Fonte: Diário Carioca, de 21/03/1963.

É dessas mulheres que, num lotação, pedindo licença para passar, a gente sai da frente, sem tirar a cara do jornal. Mais uma americana grande, de ombros chapados e braços compridos, em que apostamos, sem risco de perder, numa briga de socos, com Tiago de Melo, Viriato Corrêa ou Raimundo Magalhães Junior. Falando com ela, bebendo em sua varanda, aquele lívido uísque irlandês, fica-se, porém, a noite inteira, cada vez mais preso às suas opiniões travadas de sotaque e aos seus feios encantos. A roupa que veste é mais uma concessão à moral de vestir, para não escandalizar o próximo, do que pano de cobrir e enfeitar. Sua vida é o romance que está sendo escrito, embora, em volta, aconteçam o apartamento de peças imensas e vazias, a filha bonita, a soda, o gelo, o rádio remendado com botões de pijama, a cabeça de mármore cochilando na varanda e [Jayme] Ovalle — que sabe o segredo de todas as coisas, mas que, sendo assunto, não será citado (para não ser gasto) em todo o resto desta nota. Virginia Peckham pintou esses quadros da parede. Cada um é um livro seu e aquele, o da casa que é um rosto vermelho de gente louca, eu gostaria de levar comigo, para nele encontrar os meus pontos de referência, nas horas de perdição. Virginia está sentada na mesa, fumando um cigarro do mesmo nome, dizendo coisas. São as verdades mais cruas, menos gentis, com um exato conhecimento de tudo aquilo e de todos aqueles que estão em derredor, vivendo, escrevendo e falando. Essa mulher não mente, nem erra. O que me diz de mim é aquilo que eu, infelizmente, sou, embora sem gostar. O que diz dos outros, também, embora, se eles estivessem presentes, a convidassem para brigar na rua. Gosto de ouvir uma mulher assim, rara, autêntica, sem cheiro de extrato, sem a mínima tentação de assistir ao show do Casablanca.

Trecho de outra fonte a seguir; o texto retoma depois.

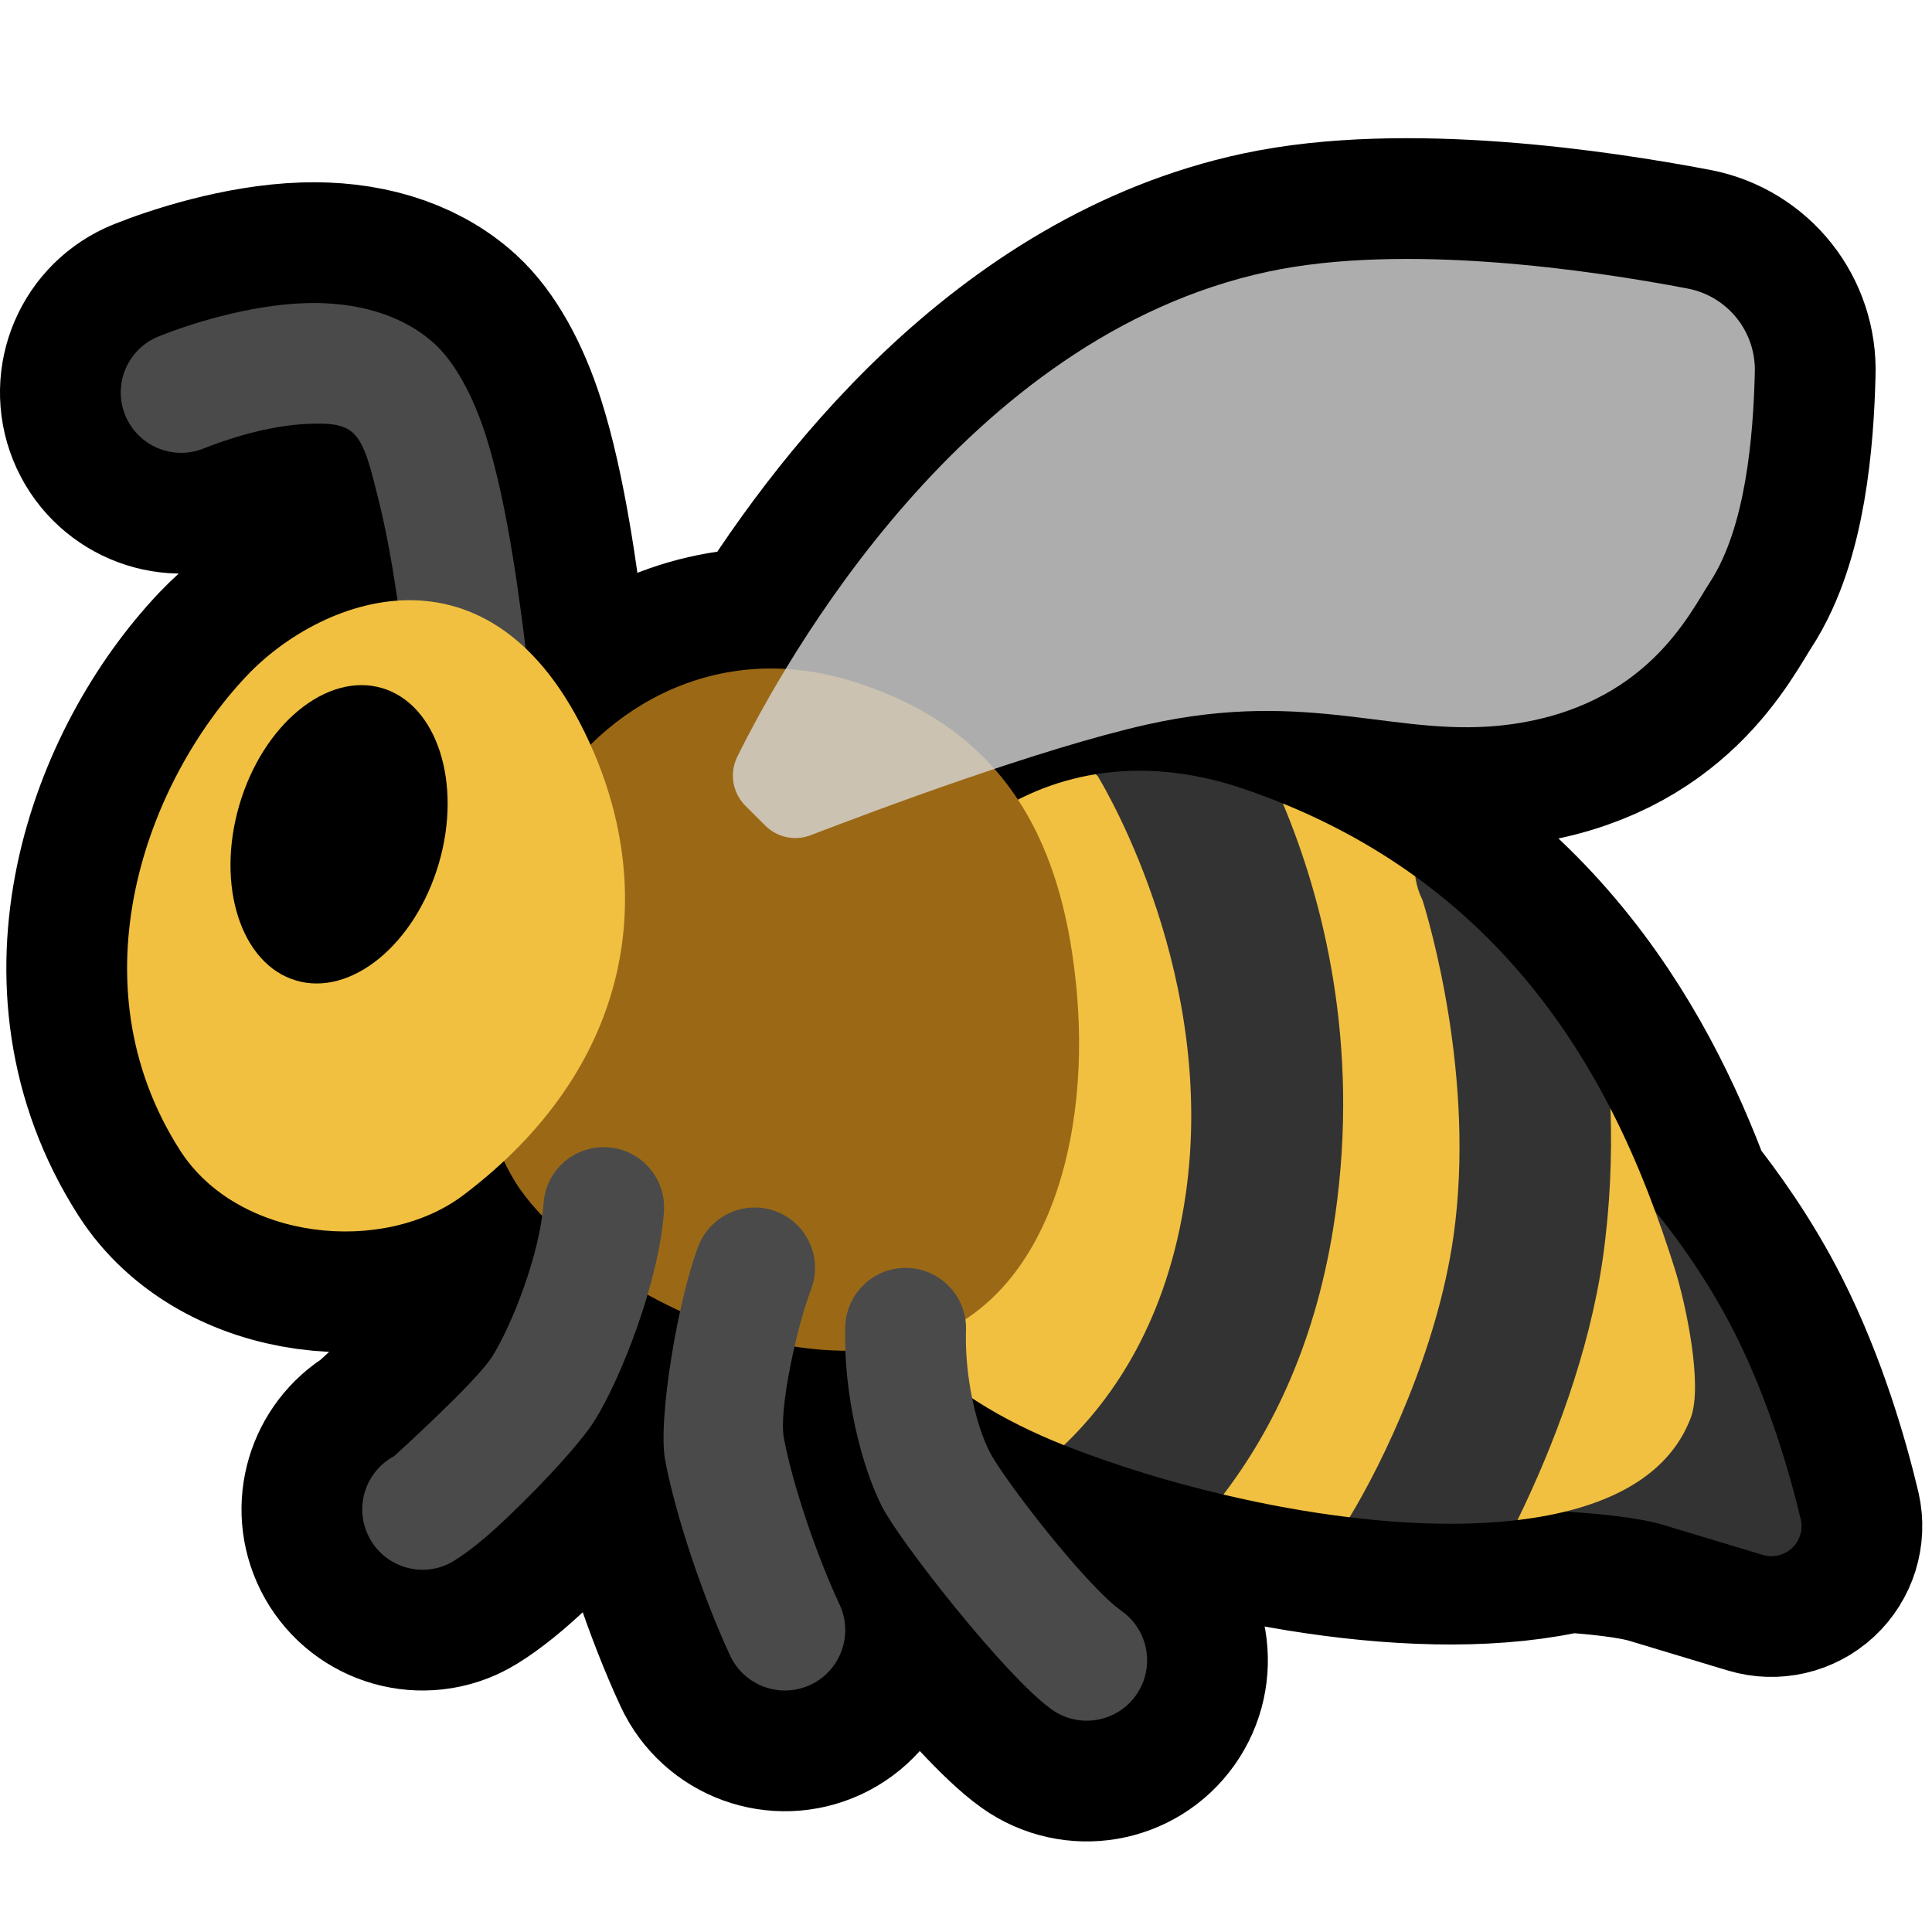 <?xml version="1.0" encoding="UTF-8" standalone="no"?>
<!DOCTYPE svg PUBLIC "-//W3C//DTD SVG 1.1//EN" "http://www.w3.org/Graphics/SVG/1.1/DTD/svg11.dtd">
<svg width="100%" height="100%" viewBox="0 0 32 32" version="1.1" xmlns="http://www.w3.org/2000/svg" xmlns:xlink="http://www.w3.org/1999/xlink" xml:space="preserve" xmlns:serif="http://www.serif.com/" style="fill-rule:evenodd;clip-rule:evenodd;stroke-linejoin:round;stroke-miterlimit:2;">

    <rect id="_1f41d_bee" serif:id="1f41d_bee" x="0" y="0" width="32" height="32" style="fill:none;"/>
    <clipPath id="_clip1">
        <rect x="0" y="0" width="32" height="32"/>
    </clipPath>
    <g clip-path="url(#_clip1)">
        <g id="outline">
            <path d="M6.585,9.948c-0.082,-0.56 -0.184,-1.15 -0.317,-1.677c-0.121,-0.482 -0.215,-0.913 -0.42,-1.1c-0.18,-0.164 -0.455,-0.16 -0.727,-0.151c-0.685,0.022 -1.404,0.27 -1.748,0.408c-0.512,0.206 -1.095,-0.043 -1.301,-0.555c-0.206,-0.512 0.043,-1.095 0.555,-1.301c0.477,-0.192 1.48,-0.521 2.431,-0.551c0.82,-0.026 1.596,0.177 2.14,0.674c0.322,0.294 0.627,0.828 0.847,1.514c0.334,1.041 0.533,2.489 0.661,3.53c0.393,0.373 0.759,0.894 1.075,1.596c0.802,-0.794 1.928,-1.331 3.233,-1.255c1.353,-2.236 4.038,-5.734 7.986,-6.58c2.258,-0.484 5.355,-0.026 6.952,0.279c0.667,0.127 1.14,0.723 1.113,1.402c-0.026,1.049 -0.15,2.555 -0.743,3.462c-0.342,0.524 -1.051,2.055 -3.322,2.357c-1.848,0.246 -3.27,-0.611 -6,0c-0.734,0.164 -1.642,0.44 -2.528,0.735c0.142,0.162 0.271,0.332 0.389,0.51c1.029,-0.526 2.303,-0.663 3.713,-0.187c4.2,1.417 5.947,4.578 6.839,6.997c0.417,0.519 0.906,1.206 1.314,2.013c0.571,1.13 0.916,2.328 1.1,3.1c0.039,0.173 -0.017,0.353 -0.147,0.474c-0.13,0.12 -0.314,0.163 -0.484,0.112c-0.519,-0.156 -1.182,-0.357 -1.649,-0.497c-0.409,-0.122 -1.072,-0.187 -1.619,-0.221c-2.241,0.551 -5.71,-0.099 -8.186,-1.053c-0.568,-0.218 -1.13,-0.488 -1.64,-0.824c0.072,0.35 0.174,0.662 0.289,0.887c0.232,0.455 1.595,2.218 2.188,2.639c0.45,0.319 0.556,0.944 0.236,1.394c-0.319,0.45 -0.944,0.556 -1.394,0.236c-0.758,-0.538 -2.516,-2.78 -2.812,-3.361c-0.302,-0.594 -0.57,-1.595 -0.607,-2.582c-0.282,-0.001 -0.564,-0.025 -0.842,-0.069c-0.136,0.59 -0.231,1.227 -0.177,1.512c0.146,0.778 0.535,1.927 0.924,2.764c0.232,0.5 0.015,1.095 -0.486,1.328c-0.5,0.232 -1.095,0.015 -1.328,-0.486c-0.455,-0.98 -0.905,-2.326 -1.076,-3.236c-0.086,-0.457 0.047,-1.547 0.248,-2.468c-0.185,-0.086 -0.365,-0.177 -0.539,-0.272c-0.245,0.834 -0.603,1.648 -0.879,2.087c-0.269,0.428 -1.103,1.303 -1.691,1.83c-0.338,0.303 -0.63,0.499 -0.754,0.553c-0.505,0.223 -1.095,-0.007 -1.317,-0.513c-0.212,-0.48 -0.014,-1.039 0.442,-1.283c-0,0 1.363,-1.231 1.626,-1.651c0.292,-0.465 0.714,-1.499 0.827,-2.329c-0.185,-0.194 -0.335,-0.383 -0.442,-0.557c-0.071,-0.114 -0.134,-0.231 -0.191,-0.351c-0.205,0.192 -0.428,0.379 -0.668,0.561c-1.325,1.003 -3.737,0.76 -4.696,-0.737c-1.783,-2.785 -0.563,-6.105 1.109,-7.867c0.581,-0.612 1.508,-1.172 2.493,-1.24Z" style="stroke:#000;stroke-width:4px;"/>
        </g>
        <path d="M8.756,11.146c0.066,0.548 -0.325,1.047 -0.873,1.113c-0.548,0.066 -1.047,-0.325 -1.113,-0.873c-0.098,-0.816 -0.243,-2.086 -0.502,-3.115c-0.121,-0.482 -0.215,-0.913 -0.42,-1.1c-0.18,-0.164 -0.455,-0.16 -0.727,-0.151c-0.685,0.022 -1.404,0.27 -1.748,0.408c-0.512,0.206 -1.095,-0.043 -1.301,-0.555c-0.206,-0.512 0.043,-1.095 0.555,-1.301c0.477,-0.192 1.48,-0.521 2.431,-0.551c0.82,-0.026 1.596,0.177 2.14,0.674c0.322,0.294 0.627,0.828 0.847,1.514c0.38,1.185 0.585,2.898 0.711,3.937Z" style="fill:#4a4a4a;"/>
        <path d="M26.5,19c-0.204,-0.122 1.244,1.125 2.227,3.068c0.571,1.13 0.916,2.328 1.1,3.1c0.039,0.173 -0.017,0.353 -0.147,0.474c-0.13,0.12 -0.314,0.163 -0.484,0.112c-0.519,-0.156 -1.182,-0.357 -1.649,-0.497c-0.794,-0.238 -2.547,-0.257 -2.547,-0.257l-0,-6l1.5,0Z" style="fill:#333;"/>
        <path d="M22.354,25.131c0.554,-0.913 1.311,-9.891 1.206,-10.227c-0.052,-0.105 -0.09,-0.219 -0.111,-0.341c-0.002,-0.015 -0.005,-0.031 -0.007,-0.046c1.536,1.11 2.543,2.502 3.233,3.844c0.026,0.773 0.792,2.88 0.67,3.743c-0.224,1.576 -1.016,1.961 -2.21,3.073c-0.843,0.1 -1.799,0.073 -2.781,-0.046Zm-4.731,-1.194c0.802,-0.765 0.736,-10.789 0.559,-11.082c-0.011,-0.011 -0.021,-0.021 -0.032,-0.032c0.74,-0.119 1.556,-0.058 2.424,0.235c0.233,0.078 0.457,0.162 0.675,0.25c1.731,1.188 2.473,3.826 1.694,6.822c-0.518,1.992 -1.477,3.996 -2.68,4.625c-0.892,-0.21 -1.754,-0.476 -2.521,-0.772c-0.04,-0.015 -0.08,-0.031 -0.119,-0.046Z" style="fill:#333;"/>
        <path d="M18.15,12.823c0.011,0.011 0.021,0.021 0.032,0.032c0.177,0.293 1.967,3.361 1.458,6.921c-0.299,2.095 -1.215,3.396 -2.017,4.161c-2.007,-0.8 -3.903,-2.247 -3.607,-5.05c0.043,-0.403 0.099,-2.426 0.94,-3.833c0.684,-1.146 1.803,-2.006 3.194,-2.231Zm6.985,12.354c0.589,-1.208 1.19,-2.77 1.414,-4.346c0.122,-0.863 0.152,-1.697 0.126,-2.47c0.487,0.948 0.817,1.872 1.064,2.653c0.18,0.567 0.471,1.926 0.265,2.47c-0.385,1.017 -1.473,1.528 -2.869,1.693Zm-4.872,-0.422c0.821,-1.075 1.559,-2.572 1.852,-4.625c0.409,-2.857 -0.201,-5.235 -0.866,-6.822c0.832,0.339 1.558,0.75 2.193,1.209c0.002,0.015 0.005,0.031 0.007,0.046c0.021,0.122 0.059,0.236 0.111,0.341c0.105,0.336 0.887,2.952 0.514,5.575c-0.267,1.873 -1.166,3.739 -1.72,4.652c-0.694,-0.083 -1.401,-0.213 -2.091,-0.376Z" style="fill:#f1c040;"/>
        <path d="M8.963,13.422c0.858,-1.582 2.783,-2.853 5.106,-2.152c2.683,0.809 3.565,2.815 3.77,5.206c0.22,2.562 -0.589,5.474 -3.105,5.845c-2.631,0.388 -5.445,-1.521 -6.196,-2.739c-1.207,-1.957 -0.344,-4.74 0.425,-6.16Z" style="fill:#9b6916;"/>
        <path d="M4.092,11.188c1.262,-1.33 4.158,-2.413 5.738,1.26c1.059,2.461 0.586,5.273 -2.151,7.344c-1.325,1.003 -3.737,0.76 -4.696,-0.737c-1.783,-2.785 -0.563,-6.105 1.109,-7.867Z" style="fill:#f1c040;"/>
        <path d="M6.527,24.119c-0,0 1.363,-1.231 1.626,-1.651c0.318,-0.505 0.788,-1.683 0.85,-2.54c0.039,-0.55 0.518,-0.965 1.069,-0.925c0.55,0.039 0.965,0.518 0.925,1.069c-0.084,1.167 -0.718,2.772 -1.15,3.46c-0.269,0.428 -1.103,1.303 -1.691,1.83c-0.338,0.303 -0.63,0.499 -0.754,0.553c-0.505,0.223 -1.095,-0.007 -1.317,-0.513c-0.212,-0.48 -0.014,-1.039 0.442,-1.283Zm5.04,-3.478c0.198,-0.515 0.777,-0.772 1.292,-0.574c0.515,0.198 0.772,0.777 0.574,1.292c-0.235,0.611 -0.537,1.994 -0.45,2.456c0.146,0.778 0.535,1.927 0.924,2.764c0.232,0.5 0.015,1.095 -0.486,1.328c-0.5,0.232 -1.095,0.015 -1.328,-0.486c-0.455,-0.98 -0.905,-2.326 -1.076,-3.236c-0.125,-0.664 0.212,-2.666 0.55,-3.544Zm2.433,1.328c0.018,-0.552 0.479,-0.986 1.031,-0.969c0.552,0.018 0.986,0.479 0.969,1.031c-0.024,0.747 0.159,1.56 0.391,2.015c0.232,0.455 1.595,2.218 2.188,2.639c0.45,0.319 0.556,0.944 0.236,1.394c-0.319,0.45 -0.944,0.556 -1.394,0.236c-0.758,-0.538 -2.516,-2.78 -2.812,-3.361c-0.344,-0.675 -0.643,-1.876 -0.609,-2.985Z" style="fill:#4a4a4a;"/>
        <path d="M12.347,13.347c-0.21,-0.21 -0.267,-0.528 -0.143,-0.797c0.789,-1.595 3.768,-6.972 8.796,-8.05c2.258,-0.484 5.355,-0.026 6.952,0.279c0.667,0.127 1.14,0.723 1.113,1.402c-0.026,1.049 -0.15,2.555 -0.743,3.462c-0.342,0.524 -1.051,2.055 -3.322,2.357c-1.848,0.246 -3.27,-0.611 -6,0c-1.758,0.393 -4.517,1.427 -5.571,1.833c-0.261,0.101 -0.557,0.038 -0.755,-0.16c-0.105,-0.104 -0.221,-0.22 -0.327,-0.326Z" style="fill:#d8d8d8;fill-opacity:0.8;"/>
        <path d="M6.326,11.396c0.911,0.267 1.334,1.57 0.942,2.907c-0.392,1.337 -1.451,2.206 -2.362,1.938c-0.912,-0.267 -1.334,-1.569 -0.942,-2.907c0.391,-1.337 1.45,-2.205 2.362,-1.938Z"/>
    </g>
</svg>

Sinto-me conquistado pelas 400 páginas datilografadas do seu livro e, se o meu inglês fosse além do I have a book, começaria a lê-lo, agora, para conhecer melhor Virginia Peckham, casada, natural dos Estados Unidos, feia, encantadora, mãe, romancista, gente, pintora, católica, escultora, mulher para qualquer empreitada. Desço, ganho a rua, os bares passam por mim e, em nenhum deles, Virginia está fumando de piteira.